Could it turn, as in Sydney and Melbourne, into something worse? And what would the Bank do about it? In Australia, the central bank has used the evidence that its medicine is working in the housing market as a reason to stop raising rates.

The position here is slightly different — rates were cut more aggressively and are still below what the Bank regards as a neutral level. But some analysts think housing will be the factor that intervenes to stop the Bank raising rates much more. A falling pound would be a complicating factor, although the MPC will be comforted by evidence showing the “pass-through” from a lower exchange rate into inflation is weaker than in the past.

This is a difficult time. The Australians appear to have achieved an almost perfect response, with barely a lag between the decision to raise rates and its effect. In Britain the Bank faces lags that will lead to the temptation to keep on raising interest rates until something gives. In these circumstances, calibrating exactly how much rates need to rise is the Bank’s big challenge.
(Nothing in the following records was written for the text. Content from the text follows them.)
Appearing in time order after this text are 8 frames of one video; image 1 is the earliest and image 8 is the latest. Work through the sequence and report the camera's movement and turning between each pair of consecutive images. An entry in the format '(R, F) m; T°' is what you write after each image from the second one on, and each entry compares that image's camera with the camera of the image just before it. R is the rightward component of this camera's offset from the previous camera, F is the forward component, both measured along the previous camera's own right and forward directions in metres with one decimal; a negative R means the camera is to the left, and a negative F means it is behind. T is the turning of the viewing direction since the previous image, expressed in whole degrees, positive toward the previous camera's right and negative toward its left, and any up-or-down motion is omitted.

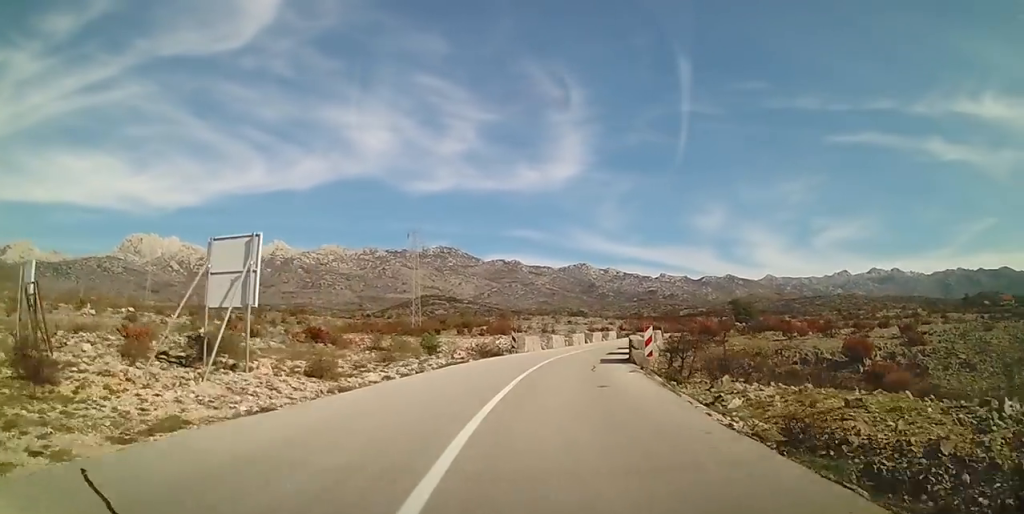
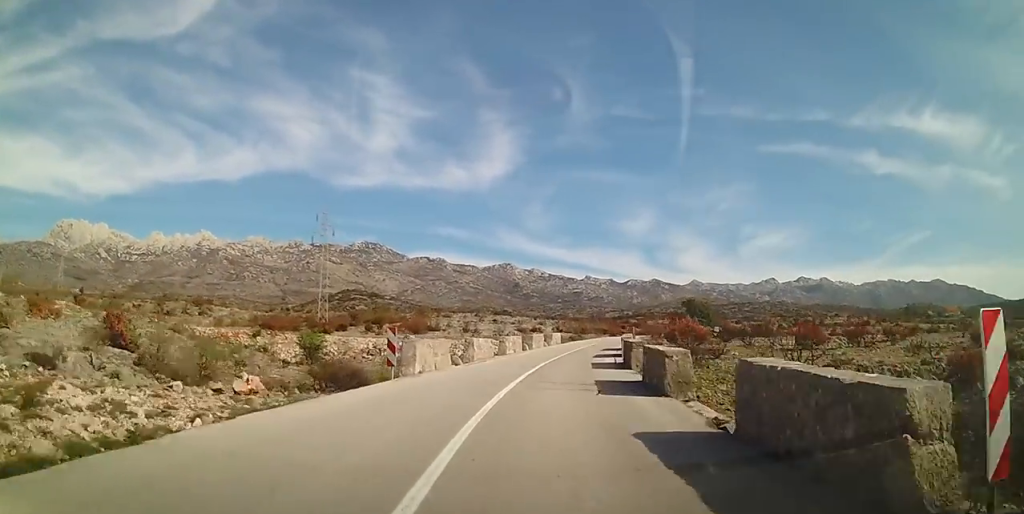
(+1.6, +16.1) m; +13°
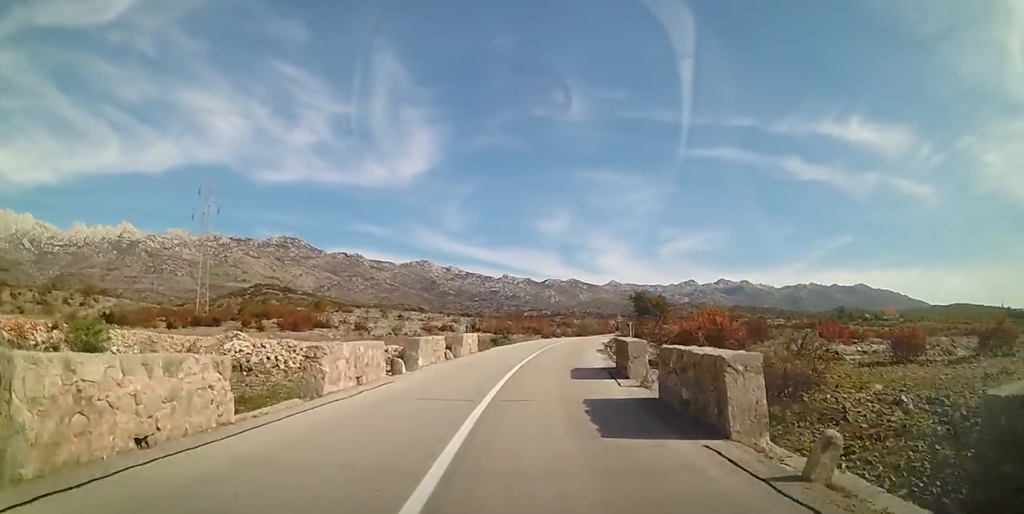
(+1.8, +19.1) m; +7°
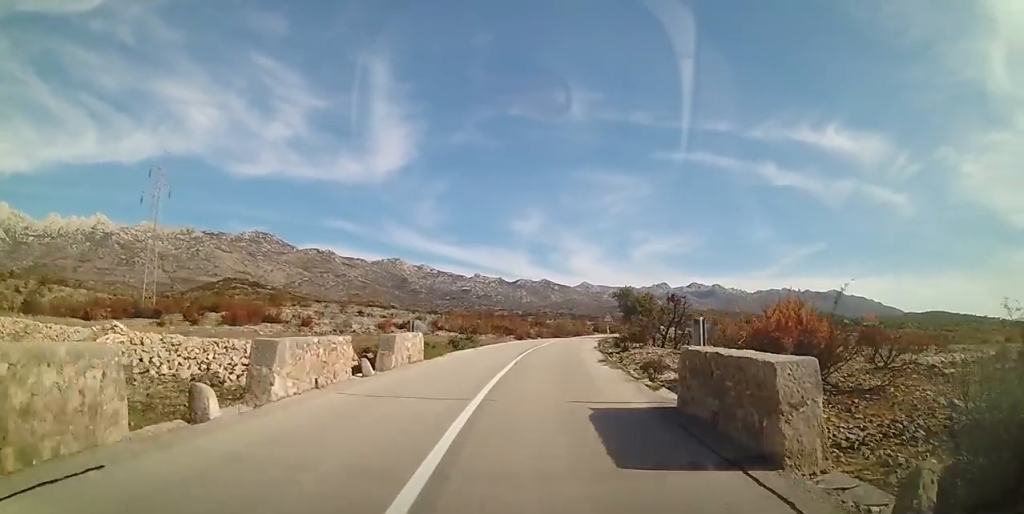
(+0.2, +8.9) m; +1°
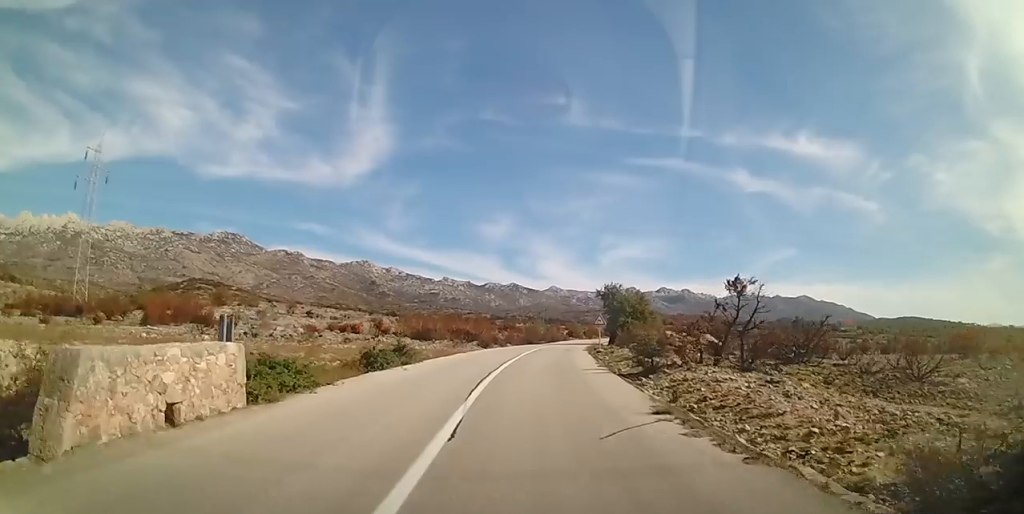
(+0.2, +11.0) m; +2°
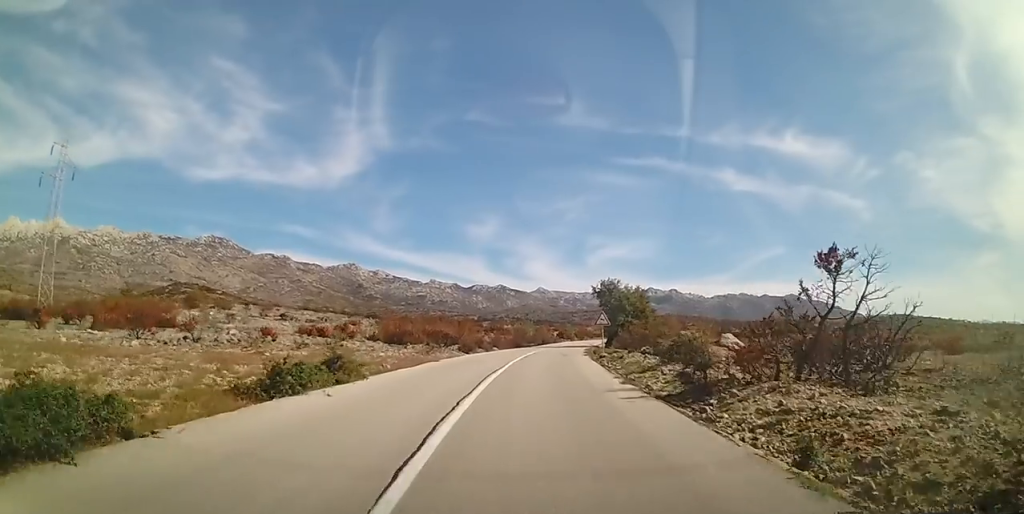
(0.0, +5.9) m; +1°
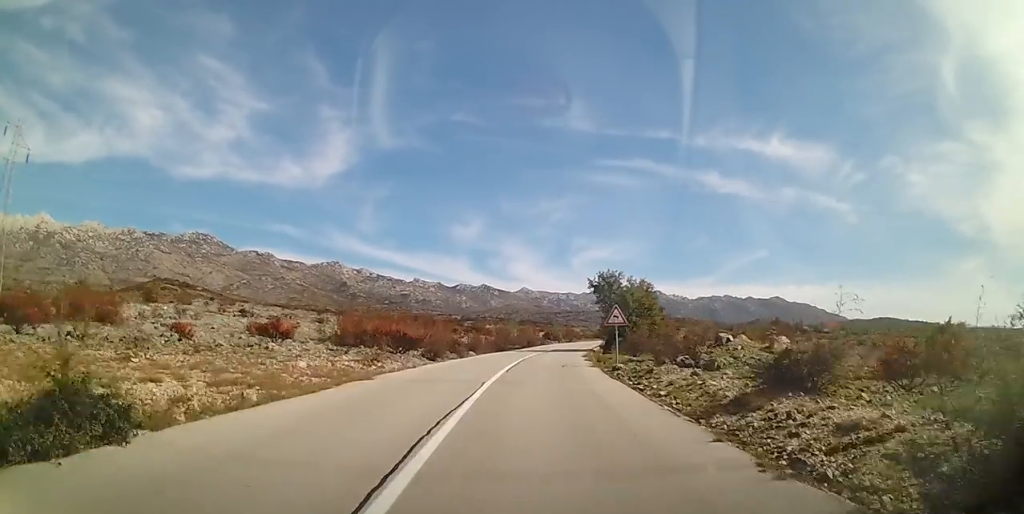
(+0.2, +8.4) m; +3°
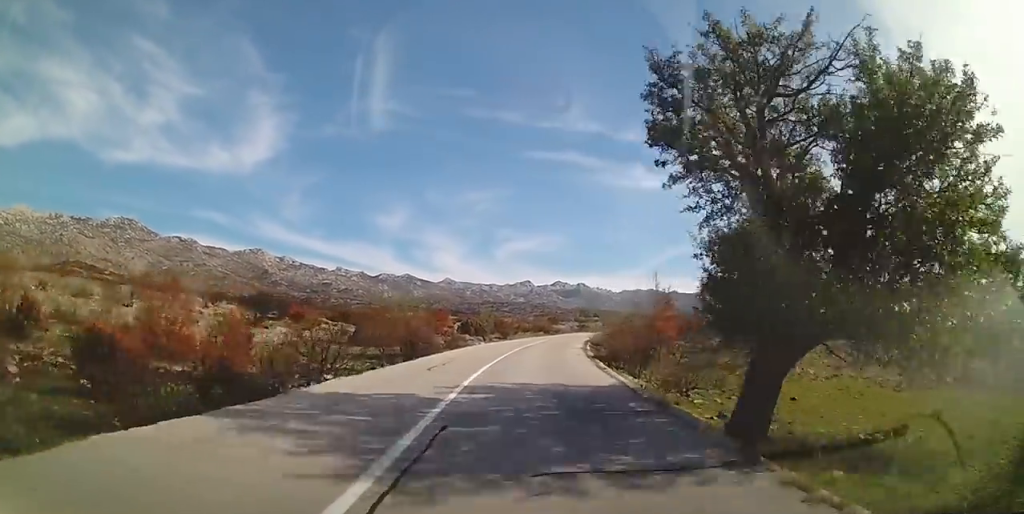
(+2.2, +37.0) m; +7°

PS: Not everybody celebrates good news in the jobs market. Figures last week showed a drop in the claimant count to 862,000, down 12,000 on the month to just 2.8% of the workforce. That’s well within the conventional definition of full employment — 2%-3% unemployment. The wider Labour Force Survey measure of unemployment fell to 1.43m. Employment is at a record 28.3m.

But according to the Chartered Institute of Personnel & Development (CIPD), which holds its annual recruitment and retention conference this week, the flipside of this is that firms are having increasing problems in finding staff. In a survey of nearly 1,000 employers — private and public — 85% reported recruitment difficulties in the past year.

When organisations cannot recruit the people they want, they respond in a number of ways, often by taking on staff without the right qualifications and then training them. Increasingly, though, the CIPD survey suggests more are responding by paying higher salaries. With official figures already showing average earnings rising by more than 4%, excluding bonuses, there will be some concern about this.

Ministers, while happy to have got unemployment down, are now trying to deal with the more difficult problem of getting more of the “economically inactive” back into jobs. That includes pilot programmes to steer some of the 2.7m on incapacity benefit into work. Initial results have been encouraging. The message from employers is that extra labour supply cannot come soon enough.